_Work required_
Set every entry down again precisely.

Data for this task START

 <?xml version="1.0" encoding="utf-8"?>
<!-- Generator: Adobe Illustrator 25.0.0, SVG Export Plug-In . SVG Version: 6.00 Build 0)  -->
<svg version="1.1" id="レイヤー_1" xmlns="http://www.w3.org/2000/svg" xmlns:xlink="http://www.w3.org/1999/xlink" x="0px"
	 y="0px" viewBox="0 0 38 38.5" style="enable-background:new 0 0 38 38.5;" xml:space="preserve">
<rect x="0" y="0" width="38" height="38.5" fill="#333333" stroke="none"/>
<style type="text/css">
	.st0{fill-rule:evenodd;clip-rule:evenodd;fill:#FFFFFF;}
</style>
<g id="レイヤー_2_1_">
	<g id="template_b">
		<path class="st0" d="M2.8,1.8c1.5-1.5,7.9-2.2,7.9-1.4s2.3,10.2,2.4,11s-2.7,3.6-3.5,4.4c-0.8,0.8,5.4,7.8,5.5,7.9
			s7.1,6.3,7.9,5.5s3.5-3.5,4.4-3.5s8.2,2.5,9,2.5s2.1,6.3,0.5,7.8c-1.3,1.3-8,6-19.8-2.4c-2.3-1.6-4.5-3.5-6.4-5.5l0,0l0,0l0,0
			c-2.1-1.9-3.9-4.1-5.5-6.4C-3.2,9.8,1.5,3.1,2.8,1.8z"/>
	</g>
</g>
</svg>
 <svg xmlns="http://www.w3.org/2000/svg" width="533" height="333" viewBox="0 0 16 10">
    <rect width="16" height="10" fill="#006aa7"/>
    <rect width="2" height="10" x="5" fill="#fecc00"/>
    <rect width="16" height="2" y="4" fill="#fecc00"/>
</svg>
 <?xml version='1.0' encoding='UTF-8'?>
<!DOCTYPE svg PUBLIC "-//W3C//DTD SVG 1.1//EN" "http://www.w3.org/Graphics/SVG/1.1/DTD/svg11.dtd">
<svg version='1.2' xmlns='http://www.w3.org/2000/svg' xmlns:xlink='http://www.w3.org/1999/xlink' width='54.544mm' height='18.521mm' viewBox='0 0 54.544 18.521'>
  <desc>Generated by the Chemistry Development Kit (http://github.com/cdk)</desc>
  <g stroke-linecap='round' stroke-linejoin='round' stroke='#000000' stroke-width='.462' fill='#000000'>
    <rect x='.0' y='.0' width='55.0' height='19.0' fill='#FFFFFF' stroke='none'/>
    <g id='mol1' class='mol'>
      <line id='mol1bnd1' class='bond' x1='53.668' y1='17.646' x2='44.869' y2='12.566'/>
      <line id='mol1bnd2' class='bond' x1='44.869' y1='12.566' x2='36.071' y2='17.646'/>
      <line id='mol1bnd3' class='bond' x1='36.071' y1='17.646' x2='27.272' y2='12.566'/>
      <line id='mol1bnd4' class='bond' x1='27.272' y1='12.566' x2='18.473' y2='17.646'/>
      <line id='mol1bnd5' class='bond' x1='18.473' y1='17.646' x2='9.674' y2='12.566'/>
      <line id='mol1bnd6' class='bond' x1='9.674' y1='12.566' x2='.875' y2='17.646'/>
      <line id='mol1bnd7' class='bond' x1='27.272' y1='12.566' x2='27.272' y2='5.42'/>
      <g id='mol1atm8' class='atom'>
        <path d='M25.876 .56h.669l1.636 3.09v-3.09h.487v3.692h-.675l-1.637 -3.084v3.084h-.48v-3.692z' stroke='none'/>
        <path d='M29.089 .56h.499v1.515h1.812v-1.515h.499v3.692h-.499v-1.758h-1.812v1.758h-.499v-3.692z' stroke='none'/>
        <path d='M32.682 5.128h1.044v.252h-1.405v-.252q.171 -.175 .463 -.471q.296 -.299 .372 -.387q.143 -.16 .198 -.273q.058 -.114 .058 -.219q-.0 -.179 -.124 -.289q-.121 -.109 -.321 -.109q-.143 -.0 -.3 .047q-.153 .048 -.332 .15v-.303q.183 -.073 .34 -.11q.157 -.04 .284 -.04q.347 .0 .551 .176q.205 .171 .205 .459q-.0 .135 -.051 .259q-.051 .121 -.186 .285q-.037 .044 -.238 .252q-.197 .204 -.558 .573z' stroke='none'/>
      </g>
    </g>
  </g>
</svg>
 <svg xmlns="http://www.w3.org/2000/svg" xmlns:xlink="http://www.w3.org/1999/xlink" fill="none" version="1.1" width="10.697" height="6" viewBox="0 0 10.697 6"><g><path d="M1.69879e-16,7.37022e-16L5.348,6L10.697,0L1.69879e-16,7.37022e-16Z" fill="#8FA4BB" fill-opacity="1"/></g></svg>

Data for this task END

_Exercise solution_
 <?xml version="1.0" encoding="utf-8"?>
<!-- Generator: Adobe Illustrator 25.0.0, SVG Export Plug-In . SVG Version: 6.00 Build 0)  -->
<svg version="1.1" id="レイヤー_1" xmlns="http://www.w3.org/2000/svg" xmlns:xlink="http://www.w3.org/1999/xlink" x="0px"
	 y="0px" viewBox="0 0 38 38.5" style="enable-background:new 0 0 38 38.5;" xml:space="preserve">
<rect x="0" y="0" width="38" height="38.5" fill="#333333" stroke="none"/>
<style type="text/css">
	.st0{fill-rule:evenodd;clip-rule:evenodd;fill:#FFFFFF;}
</style>
<g id="レイヤー_2_1_">
	<g id="template_b">
		<path class="st0" d="M2.8,1.8c1.5-1.5,7.9-2.2,7.9-1.4s2.3,10.2,2.4,11s-2.7,3.6-3.5,4.4c-0.8,0.8,5.4,7.8,5.5,7.9
			s7.1,6.3,7.9,5.5s3.5-3.5,4.4-3.5s8.2,2.5,9,2.5s2.1,6.3,0.5,7.8c-1.3,1.3-8,6-19.8-2.4c-2.3-1.6-4.5-3.5-6.4-5.5l0,0l0,0l0,0
			c-2.1-1.9-3.9-4.1-5.5-6.4C-3.2,9.8,1.5,3.1,2.8,1.8z"/>
	</g>
</g>
</svg>
 <svg xmlns="http://www.w3.org/2000/svg" width="533" height="333" viewBox="0 0 16 10">
    <rect width="16" height="10" fill="#006aa7"/>
    <rect width="2" height="10" x="5" fill="#fecc00"/>
    <rect width="16" height="2" y="4" fill="#fecc00"/>
</svg>
 <?xml version='1.0' encoding='UTF-8'?>
<!DOCTYPE svg PUBLIC "-//W3C//DTD SVG 1.1//EN" "http://www.w3.org/Graphics/SVG/1.1/DTD/svg11.dtd">
<svg version='1.2' xmlns='http://www.w3.org/2000/svg' xmlns:xlink='http://www.w3.org/1999/xlink' width='54.544mm' height='18.521mm' viewBox='0 0 54.544 18.521'>
  <desc>Generated by the Chemistry Development Kit (http://github.com/cdk)</desc>
  <g stroke-linecap='round' stroke-linejoin='round' stroke='#000000' stroke-width='.462' fill='#000000'>
    <rect x='.0' y='.0' width='55.0' height='19.0' fill='#FFFFFF' stroke='none'/>
    <g id='mol1' class='mol'>
      <line id='mol1bnd1' class='bond' x1='53.668' y1='17.646' x2='44.869' y2='12.566'/>
      <line id='mol1bnd2' class='bond' x1='44.869' y1='12.566' x2='36.071' y2='17.646'/>
      <line id='mol1bnd3' class='bond' x1='36.071' y1='17.646' x2='27.272' y2='12.566'/>
      <line id='mol1bnd4' class='bond' x1='27.272' y1='12.566' x2='18.473' y2='17.646'/>
      <line id='mol1bnd5' class='bond' x1='18.473' y1='17.646' x2='9.674' y2='12.566'/>
      <line id='mol1bnd6' class='bond' x1='9.674' y1='12.566' x2='.875' y2='17.646'/>
      <line id='mol1bnd7' class='bond' x1='27.272' y1='12.566' x2='27.272' y2='5.42'/>
      <g id='mol1atm8' class='atom'>
        <path d='M25.876 .56h.669l1.636 3.09v-3.09h.487v3.692h-.675l-1.637 -3.084v3.084h-.48v-3.692z' stroke='none'/>
        <path d='M29.089 .56h.499v1.515h1.812v-1.515h.499v3.692h-.499v-1.758h-1.812v1.758h-.499v-3.692z' stroke='none'/>
        <path d='M32.682 5.128h1.044v.252h-1.405v-.252q.171 -.175 .463 -.471q.296 -.299 .372 -.387q.143 -.16 .198 -.273q.058 -.114 .058 -.219q-.0 -.179 -.124 -.289q-.121 -.109 -.321 -.109q-.143 -.0 -.3 .047q-.153 .048 -.332 .15v-.303q.183 -.073 .34 -.11q.157 -.04 .284 -.04q.347 .0 .551 .176q.205 .171 .205 .459q-.0 .135 -.051 .259q-.051 .121 -.186 .285q-.037 .044 -.238 .252q-.197 .204 -.558 .573z' stroke='none'/>
      </g>
    </g>
  </g>
</svg>
 <svg xmlns="http://www.w3.org/2000/svg" xmlns:xlink="http://www.w3.org/1999/xlink" fill="none" version="1.1" width="10.697" height="6" viewBox="0 0 10.697 6"><g><path d="M1.69879e-16,7.37022e-16L5.348,6L10.697,0L1.69879e-16,7.37022e-16Z" fill="#8FA4BB" fill-opacity="1"/></g></svg>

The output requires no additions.